- Theatrical release poster
- Spanish: Fin de fiesta
- Directed by: Elena Manrique
- Screenplay by: Elena Manrique
- Produced by: Carlos Rosado Sibón; Hans Everaert; Belén Atienza Azcona; Olmo Figueredo González-Quevedo; Sandra Hermida Muñiz;
- Starring: Edith Martínez-Val; Beatriz Arjona; Sonia Barba;
- Cinematography: Joachim Philippe
- Edited by: Laurent Dufreche
- Music by: Argia
- Production companies: La Claqueta PC; Perdición Films; La Cruda Realidad; Think Studio; Story Capital AIE; Menuetto Films;
- Distributed by: A Contracorriente Films
- Release dates: September 2024 (TIFF); 31 January 2025 (Spain);
- Countries: Spain; Belgium;
- Languages: Spanish; French;

= The Party's Over (2024 film) =

The Party's Over (Fin de fiesta) is a 2024 black comedy film written and directed by Elena Manrique (in her directorial debut feature).
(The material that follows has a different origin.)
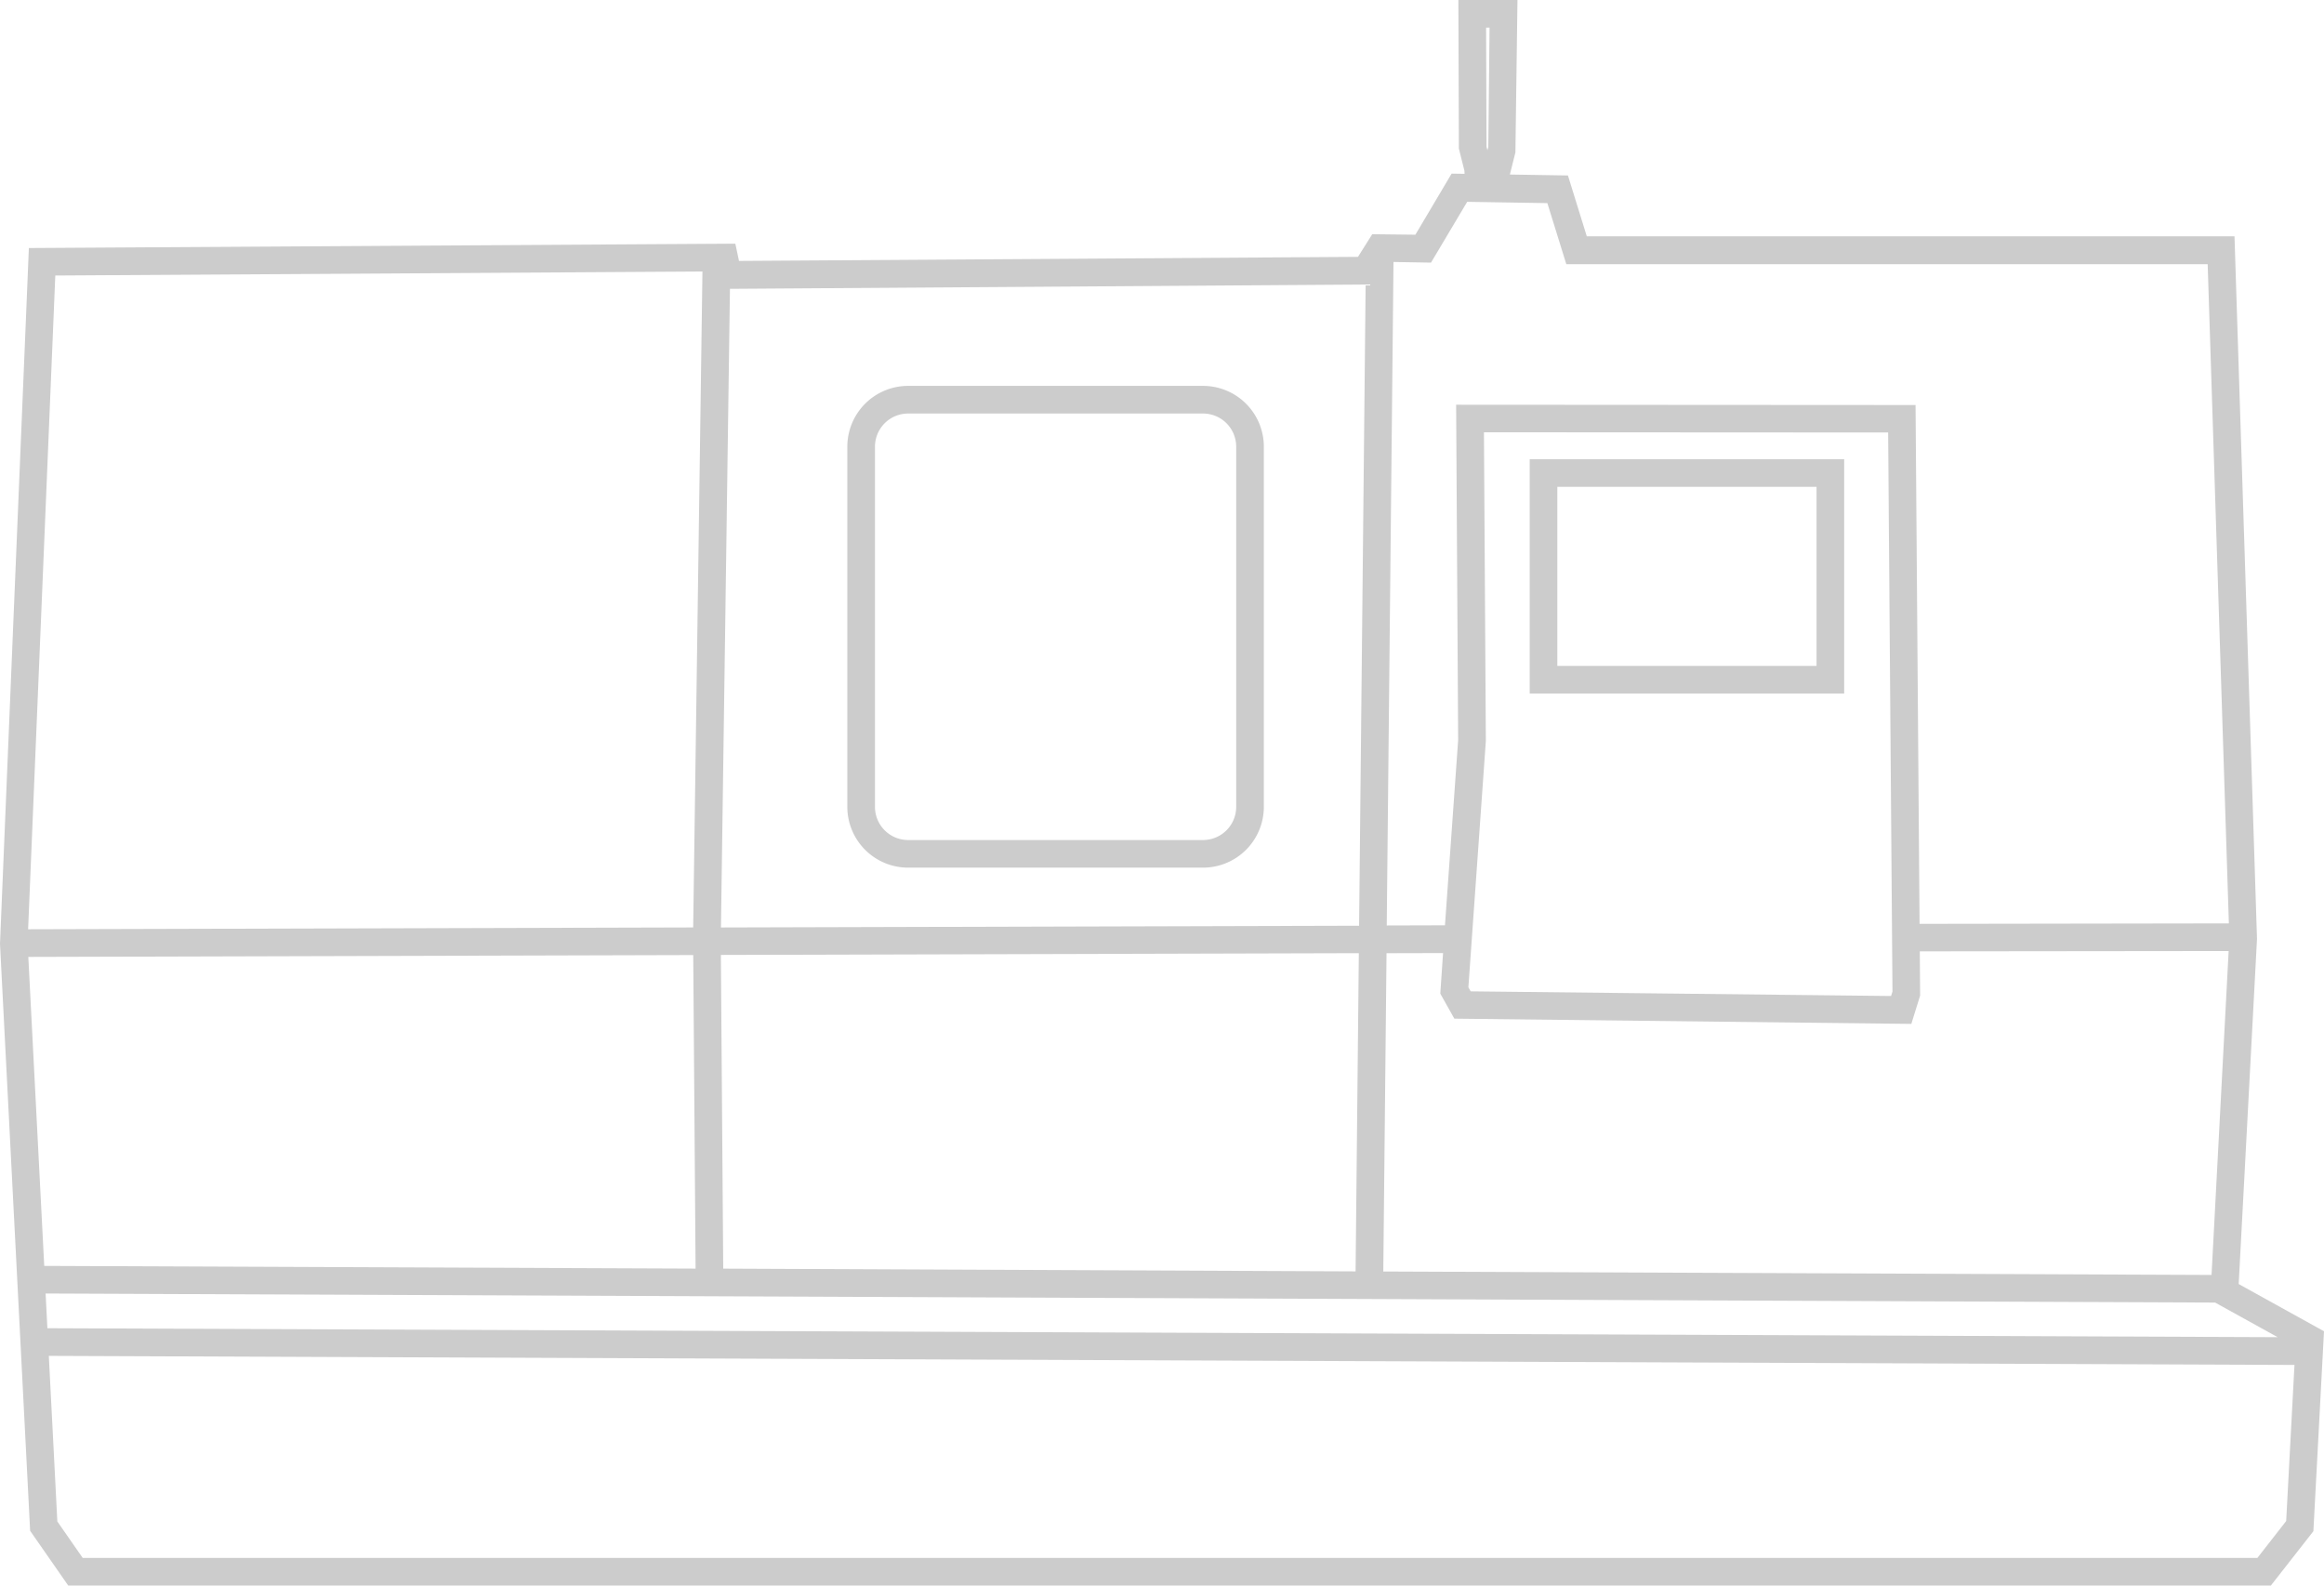 <?xml version="1.0" encoding="UTF-8"?> <svg xmlns="http://www.w3.org/2000/svg" width="84.068" height="57.353" viewBox="0 0 84.068 57.353"><g id="SP65" transform="translate(2660 818)"><rect id="Rechteck_261" data-name="Rechteck 261" width="84" height="57" transform="translate(-2660 -818)" fill="#fff" opacity="0"></rect><g id="SP65-2" data-name="SP65" transform="translate(-2617.966 -789.323)"><g id="Gruppe_199" data-name="Gruppe 199" transform="translate(-42.034 -28.677)"><path id="Pfad_652" data-name="Pfad 652" d="M32.851,31.384H43.518a2.2,2.2,0,0,0,2.2-2.2V16.158a2.2,2.2,0,0,0-2.2-2.2H32.851a2.2,2.2,0,0,0-2.2,2.2V29.185A2.2,2.2,0,0,0,32.851,31.384Zm-1.2-15.226a1.2,1.2,0,0,1,1.2-1.2H43.518a1.2,1.2,0,0,1,1.2,1.2V29.185a1.2,1.2,0,0,1-1.2,1.2H32.851a1.2,1.2,0,0,1-1.2-1.2Z" fill="#ccc"></path><path id="Pfad_653" data-name="Pfad 653" d="M80.982,46.446l.662-12.478v-.021l-.814-25.4H57.4l-.682-2.2-2.1-.034.2-.8L54.893,0H52.755l.018,5.374.2.8.007.113-.47-.007L51.2,8.49l-1.561-.018-.516.819-22.391.147L26.6,8.814,1.044,8.972,0,34.139,1.09,55.371l1.379,1.982H82.145l1.539-1.967.384-7.232Zm-55.905-11.9.085,11.341L1.6,45.79,1.024,34.613Zm27.532,2.3,16.531.19.318-1.024-.012-1.6L80.619,34.4,80,46.117l-29.961-.125.117-11.513,2.045-.005-.1,1.467Zm1.071-21.21,14.621.008.157,20.22-.051.163L53.2,35.858l-.083-.146.632-8.91ZM49.037,45.988l-22.875-.1-.085-11.347,23.077-.063Zm-47.387.8,78.479.328,2.263,1.252L1.714,48.044ZM53.883,1l-.045,4.318-.032.118-.033-.128L53.758,1ZM51.765,9.5l1.309-2.2,2.9.047.686,2.21h23.2L80.627,33.4l-11.189.017L69.293,14.65l-16.619-.01.073,12.13-.477,6.7-2.106.006.244-24Zm-2.365.791-.236,23.194-23.084.063.325-23.1ZM2,9.966l23.41-.145-.335,23.726-24.058.066ZM81.658,56.353H2.992l-.918-1.32-.308-5.989L83,49.372l-.3,5.646Z" fill="#ccc"></path><path id="Pfad_654" data-name="Pfad 654" d="M66.711,16.609H55.335v8.477H66.711Zm-1,7.477H56.335V17.609h9.376Z" fill="#ccc"></path></g></g></g></svg>

It stars Edith Martínez-Val, Beatriz Arjona, and Sonia Barba.

== Plot ==
The plot deals with the events unravelling upon the arrival of African migrant Bilal to an Andalusian manor house (inhabited by party-loving Carmina and her maid Lupe) on the road to Marseille.

== Production ==
The project was originally known as in Spanish as Se acabó la fiesta, but the title was swiftly changed upon the creation of the far-right political party of the same name. The film is a Spanish-Belgian co-production by La Claqueta PC and Perdición Films alongside La Cruda Realidad, Think Studio, Story Capital AIE and Menuetto Films, with the participation of TVE, Movistar Plus+, and Canal Sur, and backing from ICAA, AAIICC, Creative Europe MEDIA, and Eurimages. Belén Atienza Azcona, Olmo Figueredo González-Quevedo, and Sandra Hermida Muñiz took over production duties, with Sara Gómez and Inés Mas executively producing. The film was shot in Chucena.

== Release ==
The film world premiered in the 'Discovery' programme lineup of the 2024 Toronto International Film Festival (TIFF). It had its Spanish premiere at the 69th Valladolid International Film Festival (Seminci) in October 2024. Its festival run also included selections at the Seville European Film Festival (SEFF) and the Almería International Film Festival (FICAL). It is scheduled to be released theatrically in Spain on 31 January 2025.

== Reception ==
Alfonso Rivera of Cineuropa wrote that the film "stands as a fresh-feeling film with a mischievousness that is more than welcome in modern cinema".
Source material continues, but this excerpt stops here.